(Stored data)
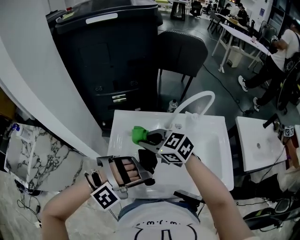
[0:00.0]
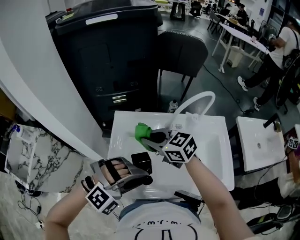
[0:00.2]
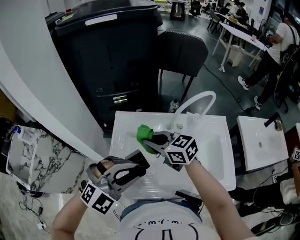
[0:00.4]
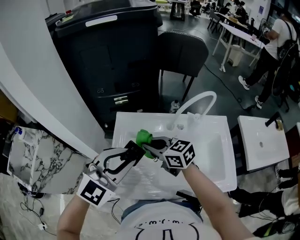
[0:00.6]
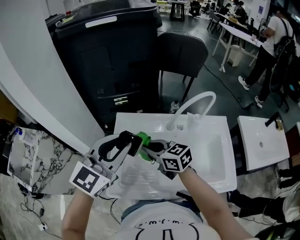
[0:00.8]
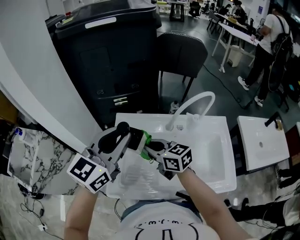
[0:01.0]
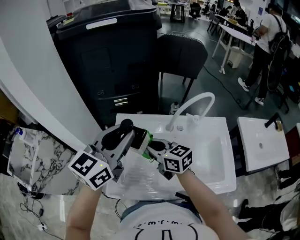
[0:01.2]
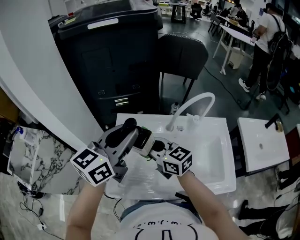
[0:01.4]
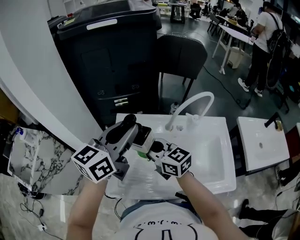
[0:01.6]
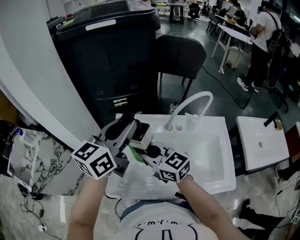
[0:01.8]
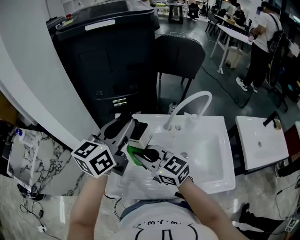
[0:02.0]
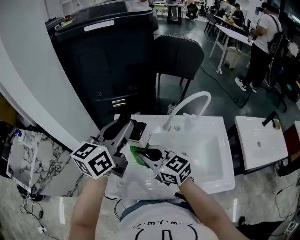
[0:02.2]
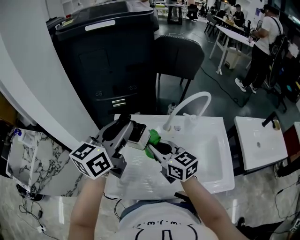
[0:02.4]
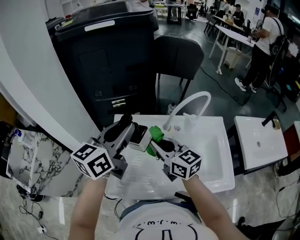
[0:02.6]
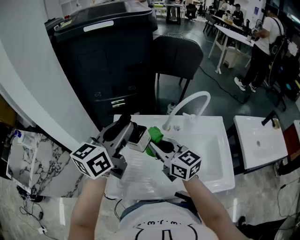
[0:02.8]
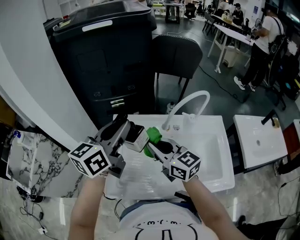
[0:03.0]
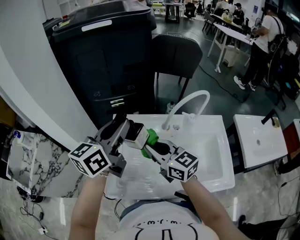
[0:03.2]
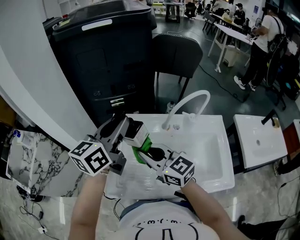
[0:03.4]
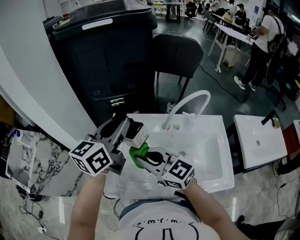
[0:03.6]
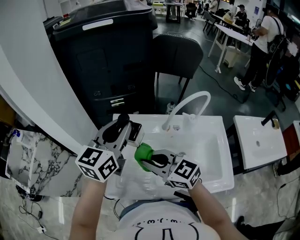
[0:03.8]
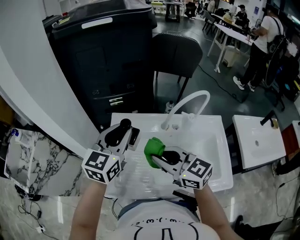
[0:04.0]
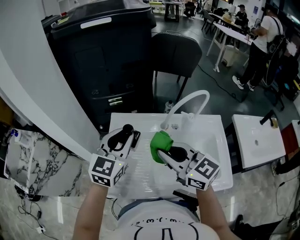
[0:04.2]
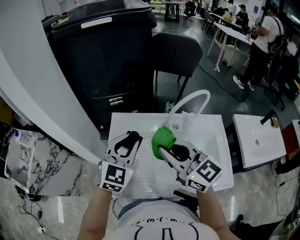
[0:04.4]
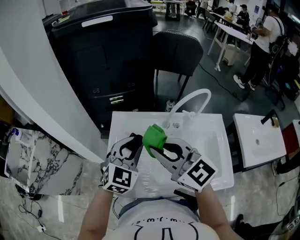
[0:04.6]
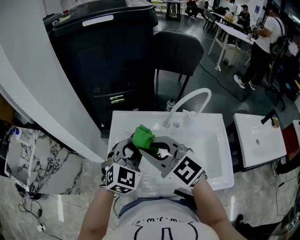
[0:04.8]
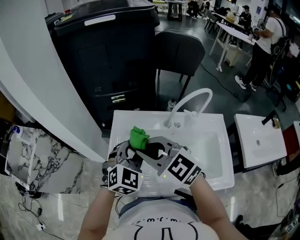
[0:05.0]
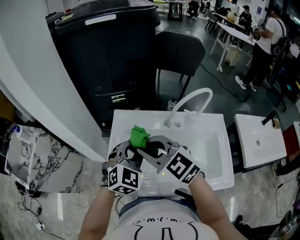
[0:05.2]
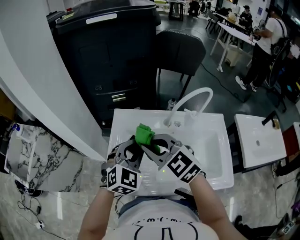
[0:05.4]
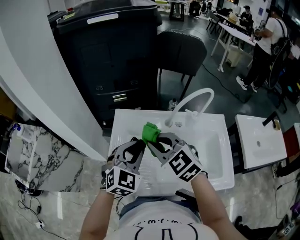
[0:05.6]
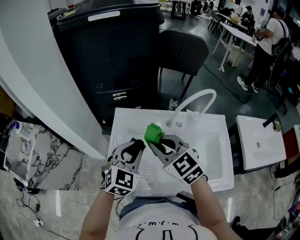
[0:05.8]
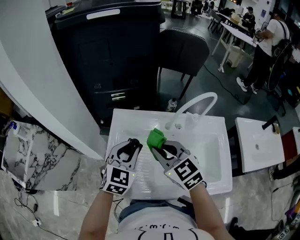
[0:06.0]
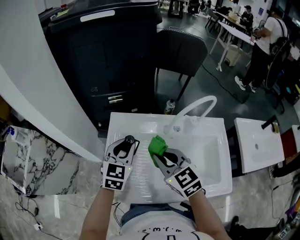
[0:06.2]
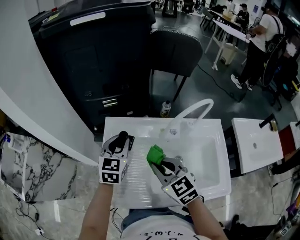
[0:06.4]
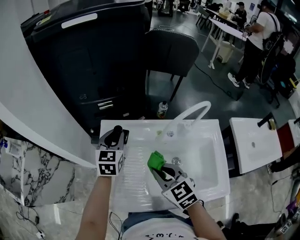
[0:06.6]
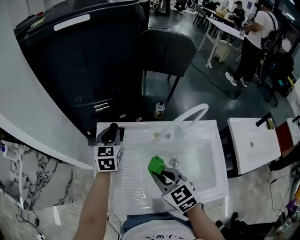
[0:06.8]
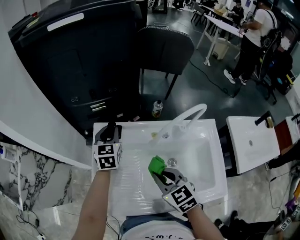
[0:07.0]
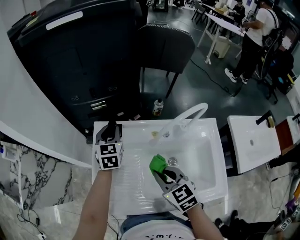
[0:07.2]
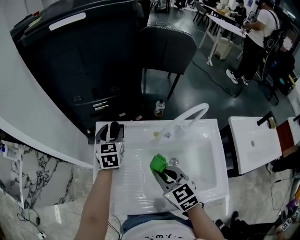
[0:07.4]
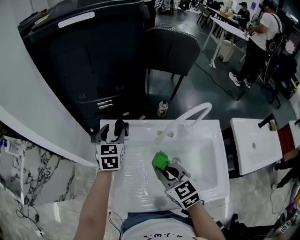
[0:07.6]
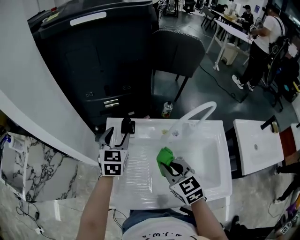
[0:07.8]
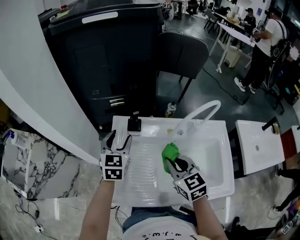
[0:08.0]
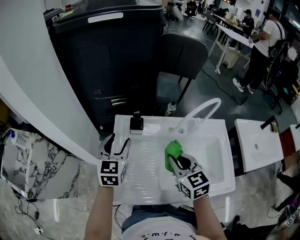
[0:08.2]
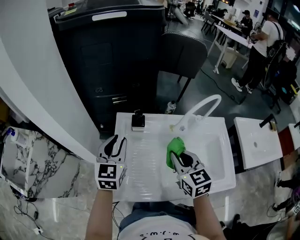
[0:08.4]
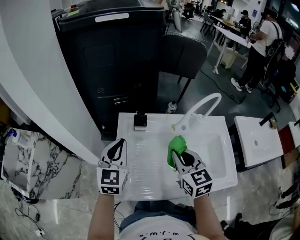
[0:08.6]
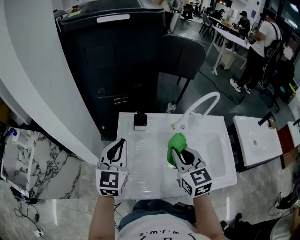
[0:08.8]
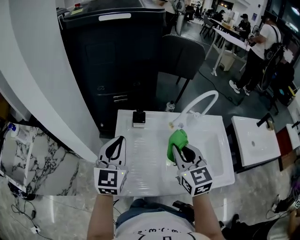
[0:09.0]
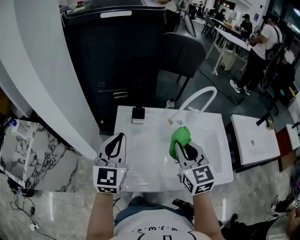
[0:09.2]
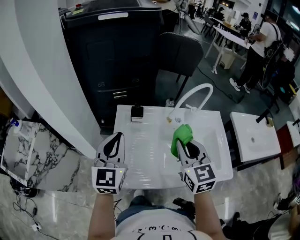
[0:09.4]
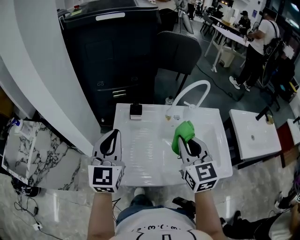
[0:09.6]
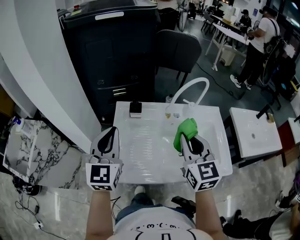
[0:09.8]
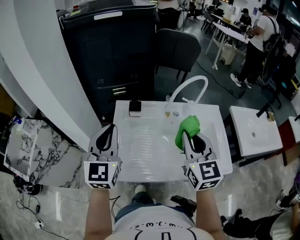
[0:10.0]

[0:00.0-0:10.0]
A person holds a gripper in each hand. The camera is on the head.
0:00.0 to 0:01.4: The left gripper shifts about 20 cm forward and upward, and twists about 110 degrees counterclockwise, seen from behind, while the right gripper rotates roughly 30 degrees.
0:01.4 to 0:02.8: The grippers stay close to where they were, moving slightly.
0:02.8 to 0:04.2: The left gripper heads downward, covering some 5 cm, and swivels some 30 degrees, while the right gripper is displaced backward by about 5 cm, and moves roughly 5 cm to the left and comes back.
0:04.2 to 0:05.8: The left gripper travels downward by approximately 5 cm, and turns by about 20 degrees. Meanwhile the right gripper changes place by some 5 cm, and rotates some 20 degrees.
0:05.8 to 0:07.2: The left gripper heads forward, covering approximately 20 cm, and changes its angle by about 30 degrees. Meanwhile the right gripper moves downward and to the right, approximately 10 cm, and rotates approximately 20 degrees.
0:07.2 to 0:08.6: The right gripper moves upward, approximately 5 cm. The left gripper shifts about 20 cm backward, to the left and upward, and opens, then closes again.
0:08.6 to 0:10.0: The left gripper goes about 10 cm upward and backward, while the right gripper goes approximately 10 cm upward, to the right and backward.

Exercise instructions:
Leave out the pictures and return the rest of the records exactly.

Answer to this task:
[0:00.0]
[0:00.2]
[0:00.4]
[0:00.6]
[0:00.8]
[0:01.0]
[0:01.2]
[0:01.4]
[0:01.6]
[0:01.8]
[0:02.0]
[0:02.2]
[0:02.4]
[0:02.6]
[0:02.8]
[0:03.0]
[0:03.2]
[0:03.4]
[0:03.6]
[0:03.8]
[0:04.0]
[0:04.2]
[0:04.4]
[0:04.6]
[0:04.8]
[0:05.0]
[0:05.2]
[0:05.4]
[0:05.6]
[0:05.8]
[0:06.0]
[0:06.2]
[0:06.4]
[0:06.6]
[0:06.8]
[0:07.0]
[0:07.2]
[0:07.4]
[0:07.6]
[0:07.8]
[0:08.0]
[0:08.2]
[0:08.4]
[0:08.6]
[0:08.8]
[0:09.0]
[0:09.2]
[0:09.4]
[0:09.6]
[0:09.8]
[0:10.0]

[0:00.0-0:10.0]
A person holds a gripper in each hand. The camera is on the head.
0:00.0 to 0:01.4: The left gripper shifts about 20 cm forward and upward, and twists about 110 degrees counterclockwise, seen from behind, while the right gripper rotates roughly 30 degrees.
0:01.4 to 0:02.8: The grippers stay close to where they were, moving slightly.
0:02.8 to 0:04.2: The left gripper heads downward, covering some 5 cm, and swivels some 30 degrees, while the right gripper is displaced backward by about 5 cm, and moves roughly 5 cm to the left and comes back.
0:04.2 to 0:05.8: The left gripper travels downward by approximately 5 cm, and turns by about 20 degrees. Meanwhile the right gripper changes place by some 5 cm, and rotates some 20 degrees.
0:05.8 to 0:07.2: The left gripper heads forward, covering approximately 20 cm, and changes its angle by about 30 degrees. Meanwhile the right gripper moves downward and to the right, approximately 10 cm, and rotates approximately 20 degrees.
0:07.2 to 0:08.6: The right gripper moves upward, approximately 5 cm. The left gripper shifts about 20 cm backward, to the left and upward, and opens, then closes again.
0:08.6 to 0:10.0: The left gripper goes about 10 cm upward and backward, while the right gripper goes approximately 10 cm upward, to the right and backward.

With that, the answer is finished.